*** Opening of Data for review ***

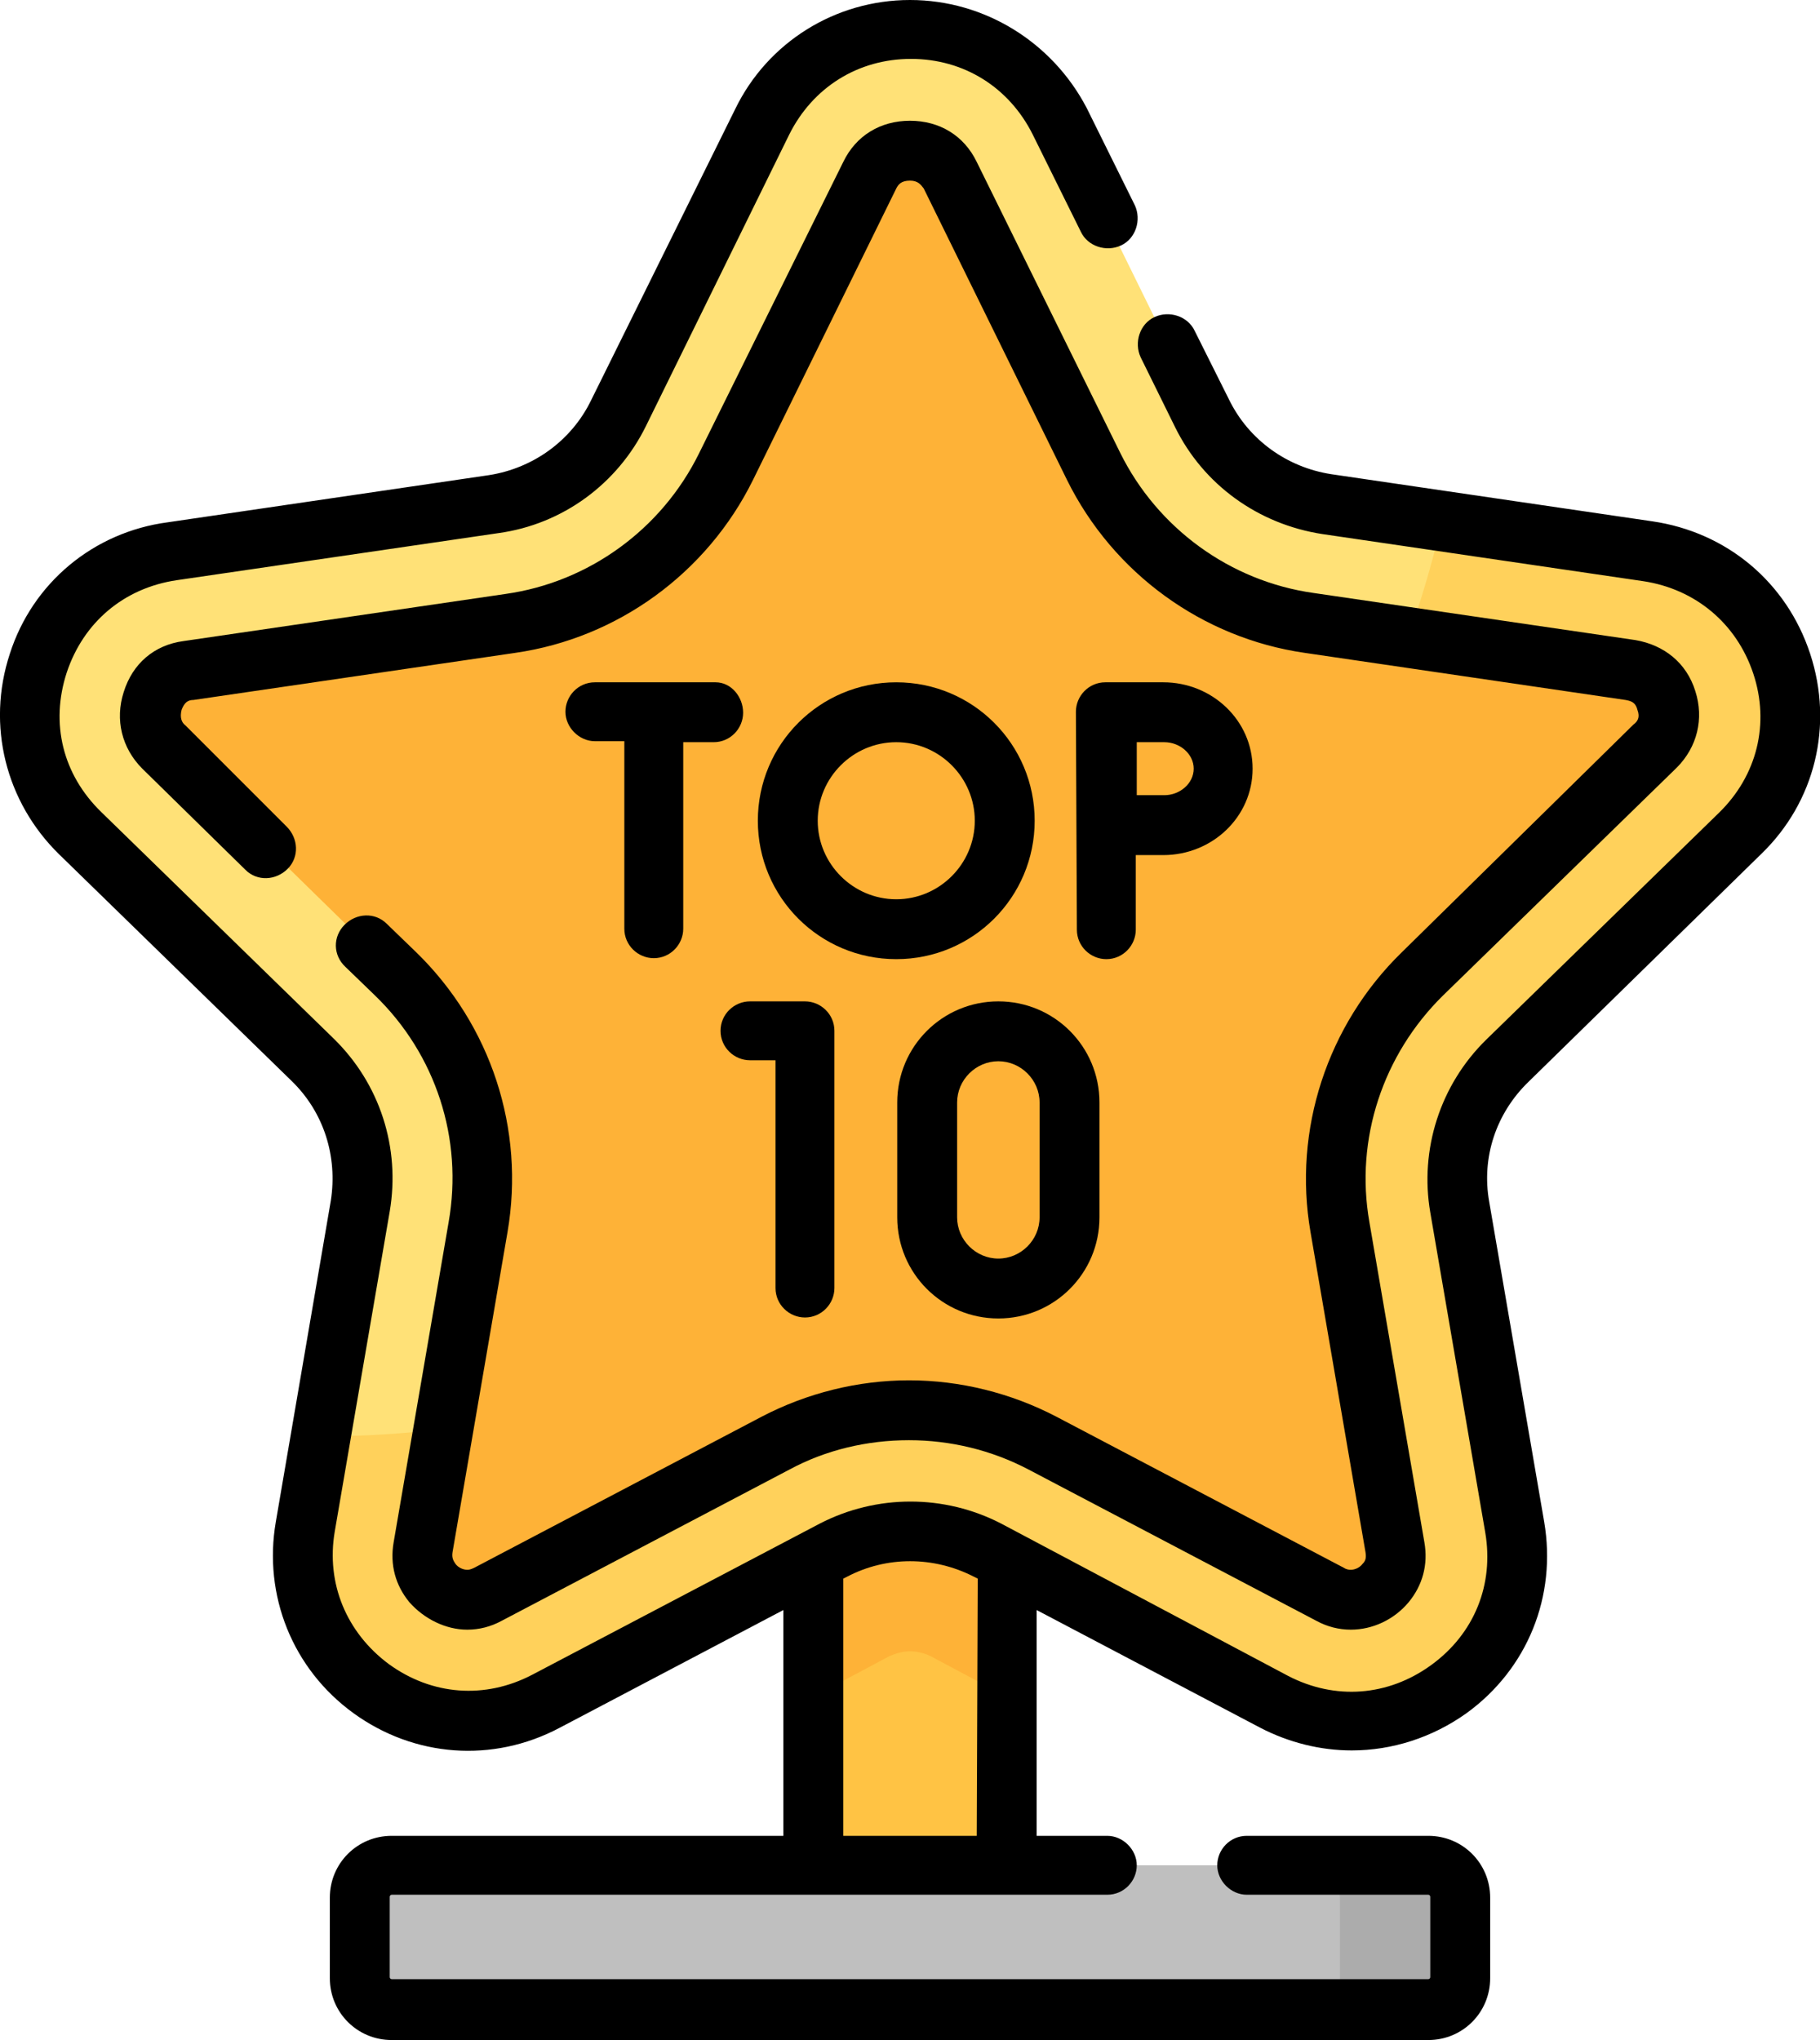 <?xml version="1.0" encoding="UTF-8"?>
<svg xmlns="http://www.w3.org/2000/svg" xmlns:xlink="http://www.w3.org/1999/xlink" version="1.1" id="Capa_1" x="0px" y="0px" viewBox="0 0 185.4 207.8" style="enable-background:new 0 0 185.4 207.8;" xml:space="preserve">
<style type="text/css">
	.st0{fill:#FFC344;}
	.st1{fill:#FEB237;}
	.st2{fill:#FFE177;}
	.st3{fill:#FFD15B;}
	.st4{fill:#BFBFBF;}
	.st5{fill:#ACACAC;}
</style>
<g>
	<g>
		<path class="st0" d="M82.9,149.8h19.7V190H82.9L82.9,149.8z"></path>
	</g>
	<g>
		<path class="st1" d="M102.5,149.8H82.9v23l7.7-4.1c0.7-0.3,1.4-0.5,2.1-0.5c0.7,0,1.5,0.2,2.1,0.5l7.7,4.1L102.5,149.8    L102.5,149.8z"></path>
	</g>
	<g>
		<path class="st2" d="M100.5,157.9l29.3,15.4c12.4,6.5,26.8-4,24.5-17.8l-5.6-32.6c-0.9-5.5,0.9-11,4.8-14.9l23.7-23.1    c10-9.8,4.5-26.7-9.3-28.8l-32.8-4.8c-5.5-0.8-10.2-4.2-12.7-9.2l-14.6-29.7c-6.2-12.5-24-12.5-30.2,0L62.9,42.1    c-2.5,5-7.2,8.4-12.7,9.2l-32.8,4.8c-13.8,2-19.3,19-9.3,28.8L31.8,108c4,3.9,5.8,9.5,4.8,14.9l-5.6,32.6    c-2.4,13.8,12.1,24.3,24.5,17.8l29.3-15.4C89.8,155.3,95.6,155.3,100.5,157.9L100.5,157.9z"></path>
	</g>
	<g>
		<path class="st3" d="M177.2,84.9c10-9.8,4.5-26.7-9.3-28.8l-21-3c-4.8,20.6-15.8,40.9-32.7,57.8c-23.5,23.5-53.5,35.5-81.6,35.4    l-1.6,9.2c-2.4,13.8,12.1,24.3,24.5,17.8l29.3-15.4c4.9-2.6,10.8-2.6,15.7,0l29.3,15.4c12.4,6.5,26.8-4,24.5-17.8l-5.6-32.6    c-0.9-5.5,0.9-11,4.8-14.9L177.2,84.9z"></path>
	</g>
	<g>
		<path class="st1" d="M137.7,162.9c-0.7,0-1.4-0.2-2.1-0.6L106.3,147c-4.2-2.2-8.9-3.3-13.6-3.3s-9.4,1.2-13.6,3.3l-29.3,15.4    c-0.7,0.4-1.4,0.6-2.1,0.6c-1.3,0-2.6-0.6-3.5-1.7c-0.9-1-1.2-2.3-0.9-3.6l5.6-32.6c1.6-9.5-1.5-19.1-8.4-25.8L16.7,76    c-1.8-1.7-1.5-3.7-1.2-4.7c0.3-1,1.2-2.7,3.7-3.1L52,63.5c9.5-1.4,17.7-7.3,22-16l14.6-29.7c1.1-2.2,3-2.5,4.1-2.5    c1.1,0,3,0.3,4.1,2.5l14.6,29.7c4.2,8.6,12.5,14.6,22,16l32.8,4.8c2.4,0.4,3.4,2.1,3.7,3.1c0.3,1,0.6,3-1.2,4.7L145,99.1    c-6.9,6.7-10,16.3-8.4,25.8l5.6,32.6c0.2,1.4-0.1,2.6-0.9,3.7C140.3,162.3,139,162.9,137.7,162.9z"></path>
	</g>
	<g>
		<path class="st4" d="M145.5,204.8H39.9c-1.8,0-3.3-1.5-3.3-3.3v-8.2c0-1.8,1.5-3.3,3.3-3.3h105.6c1.8,0,3.3,1.5,3.3,3.3v8.2    C148.8,203.3,147.3,204.8,145.5,204.8z"></path>
	</g>
	<g>
		<path class="st5" d="M145.5,190h-12.3c1.8,0,3.3,1.5,3.3,3.3v8.2c0,1.8-1.5,3.3-3.3,3.3h12.3c1.8,0,3.3-1.5,3.3-3.3v-8.2    C148.8,191.5,147.3,190,145.5,190z"></path>
	</g>
	<g>
		<path d="M179.4,87c5.5-5.3,7.4-13.1,5-20.4c-2.4-7.3-8.5-12.4-16.1-13.5l-32.7-4.8c-4.5-0.7-8.4-3.5-10.4-7.6l-3.5-7    c-0.7-1.5-2.6-2.1-4.1-1.4c-1.5,0.7-2.1,2.6-1.4,4.1l3.5,7.1c2.9,5.9,8.5,9.9,15,10.9l32.7,4.8c5.3,0.8,9.5,4.3,11.2,9.4    c1.7,5.1,0.4,10.4-3.5,14.2l-23.7,23.1c-4.7,4.6-6.8,11.2-5.7,17.6l5.6,32.6c0.9,5.3-1.1,10.3-5.5,13.5c-4.4,3.2-9.8,3.6-14.6,1.1    L102,155.2c-5.8-3-12.7-3-18.5,0l-29.3,15.4c-4.8,2.5-10.2,2.1-14.6-1.1c-4.3-3.2-6.4-8.2-5.5-13.5l5.6-32.6    c1.1-6.5-1-13-5.7-17.6L10.3,82.7c-3.9-3.8-5.2-9-3.5-14.2c1.7-5.1,5.8-8.6,11.2-9.4l32.8-4.8c6.5-0.9,12.1-5,15-10.9l14.6-29.7    c2.4-4.8,7-7.7,12.4-7.7s10,2.9,12.4,7.7l4.9,9.9c0.7,1.5,2.6,2.1,4.1,1.4c1.5-0.7,2.1-2.6,1.4-4.1l-4.9-9.9    C107.2,4.3,100.3,0,92.7,0S78.2,4.3,74.9,11.1L60.2,40.8c-2,4.1-5.9,6.9-10.4,7.6l-32.7,4.8C9.5,54.2,3.3,59.4,1,66.6    C-1.4,73.9,0.6,81.7,6,87l23.7,23.1c3.3,3.2,4.7,7.7,4,12.2L28.1,155c-1.3,7.5,1.7,15,7.9,19.5c6.2,4.5,14.2,5.1,21,1.5l22.8-12    v23H39.9c-3.5,0-6.3,2.8-6.3,6.3v8.2c0,3.5,2.8,6.3,6.3,6.3h105.6c3.5,0,6.3-2.8,6.3-6.3v-8.2c0-3.5-2.8-6.3-6.3-6.3H127    c-1.7,0-3,1.4-3,3s1.4,3,3,3h18.5c0.1,0,0.2,0.1,0.2,0.2v8.2c0,0.1-0.1,0.2-0.2,0.2H39.9c-0.1,0-0.2-0.1-0.2-0.2v-8.2    c0-0.1,0.1-0.2,0.2-0.2h72.9c1.7,0,3-1.4,3-3s-1.4-3-3-3h-7.2v-23l22.8,12c2.9,1.5,6.1,2.3,9.3,2.3c4.1,0,8.2-1.3,11.7-3.8    c6.2-4.5,9.2-11.9,7.9-19.5l-5.6-32.6c-0.8-4.5,0.7-9,4-12.2L179.4,87z M99.5,187H85.9v-26.2l0.4-0.2c4-2.1,8.8-2.1,12.9,0    l0.4,0.2L99.5,187L99.5,187z"></path>
		<path d="M170.8,78.2c2.1-2.1,2.8-5,1.9-7.8c-0.9-2.9-3.2-4.7-6.1-5.2l-32.8-4.8c-8.5-1.2-15.9-6.6-19.7-14.3L99.5,16.5    c-1.3-2.7-3.8-4.2-6.8-4.2c-3,0-5.5,1.5-6.8,4.2L71.2,46.2c-3.8,7.7-11.2,13.1-19.7,14.3l-32.8,4.8c-3,0.4-5.2,2.3-6.1,5.2    c-0.9,2.8-0.2,5.7,1.9,7.8l10.5,10.3c1.2,1.2,3.1,1.1,4.3-0.1c1.2-1.2,1.1-3.1-0.1-4.3L18.9,73.9c-0.4-0.3-0.6-0.8-0.4-1.6    c0.3-0.8,0.7-1,1.2-1l32.8-4.8C62.9,65,72,58.4,76.7,48.9l14.6-29.7c0.2-0.4,0.5-0.8,1.4-0.8c0.8,0,1.1,0.4,1.4,0.8l14.6,29.7    c4.7,9.5,13.8,16.1,24.2,17.6l32.7,4.8c0.5,0.1,1,0.2,1.2,1c0.3,0.8,0,1.2-0.4,1.5L142.8,97c-7.6,7.4-11.1,18.1-9.3,28.5l5.6,32.6    c0.1,0.6,0,0.9-0.3,1.2c-0.3,0.4-0.8,0.6-1.2,0.6c-0.1,0-0.4,0-0.7-0.2l-29.3-15.4c-4.6-2.4-9.8-3.7-15-3.7    c-5.2,0-10.4,1.3-15,3.7l-29.3,15.4c-0.4,0.2-0.6,0.2-0.7,0.2c-0.4,0-0.9-0.2-1.2-0.6c-0.2-0.3-0.4-0.6-0.3-1.2l5.6-32.6    c1.8-10.5-1.7-21.1-9.3-28.5l-3-2.9c-1.2-1.2-3.1-1.1-4.3,0.1c-1.2,1.2-1.2,3.1,0.1,4.3l3,2.9c6.2,6,9,14.6,7.5,23.1l-5.6,32.6    c-0.4,2.3,0.2,4.4,1.6,6.1c1.5,1.7,3.7,2.8,5.9,2.8c1.2,0,2.4-0.3,3.5-0.9l29.3-15.4c3.7-2,7.9-3,12.2-3c4.2,0,8.4,1,12.2,3    l29.3,15.4c1.1,0.6,2.3,0.9,3.5,0.9c2.2,0,4.4-1,5.9-2.8c1.4-1.7,2-3.8,1.6-6.1l-5.6-32.6c-1.5-8.5,1.4-17.1,7.5-23.1L170.8,78.2z    "></path>
		<path d="M72.9,69.5H60.6c-1.7,0-3,1.4-3,3s1.4,3,3,3h3v19.1c0,1.7,1.4,3,3,3c1.7,0,3-1.4,3-3V75.6h3.1c1.7,0,3-1.4,3-3    S74.5,69.5,72.9,69.5z"></path>
		<path d="M91.3,69.5c-7.8,0-14.1,6.3-14.1,14.1s6.3,14.1,14.1,14.1s14.1-6.3,14.1-14.1S99.1,69.5,91.3,69.5z M91.3,91.6    c-4.4,0-8-3.6-8-8s3.6-8,8-8s8,3.6,8,8S95.7,91.6,91.3,91.6z"></path>
		<path d="M109.7,94.7c0,1.7,1.4,3,3,3c1.7,0,3-1.4,3-3v-7.6c1.1,0,2.2,0,2.8,0c5,0,9.1-3.9,9.1-8.8c0-4.9-4.1-8.8-9.1-8.8h-5.9    c-1.7,0-3,1.4-3,3L109.7,94.7z M115.8,75.6h2.8c1.6,0,3,1.2,3,2.7s-1.4,2.7-3,2.7c-0.7,0-1.8,0-2.8,0L115.8,75.6z"></path>
		<path d="M73.4,105c0,1.7,1.4,3,3,3H79v23.2c0,1.7,1.4,3,3,3c1.7,0,3-1.4,3-3V105c0-1.7-1.4-3-3-3h-5.6    C74.8,102,73.4,103.3,73.4,105z"></path>
		<path d="M101.7,102c-5.7,0-10.3,4.6-10.3,10.3V124c0,5.7,4.6,10.3,10.3,10.3S112,129.7,112,124v-11.7    C112,106.6,107.4,102,101.7,102z M105.9,124c0,2.3-1.9,4.2-4.2,4.2s-4.2-1.9-4.2-4.2v-11.7c0-2.3,1.9-4.2,4.2-4.2s4.2,1.9,4.2,4.2    V124z"></path>
	</g>
</g>
</svg>

*** Close of Data for review ***

> [What you will do] Check every line of the records, and copy the ones that hold the word "fill".

> [Solution to this exercise]
	.st0{fill:#FFC344;}
	.st1{fill:#FEB237;}
	.st2{fill:#FFE177;}
	.st3{fill:#FFD15B;}
	.st4{fill:#BFBFBF;}
	.st5{fill:#ACACAC;}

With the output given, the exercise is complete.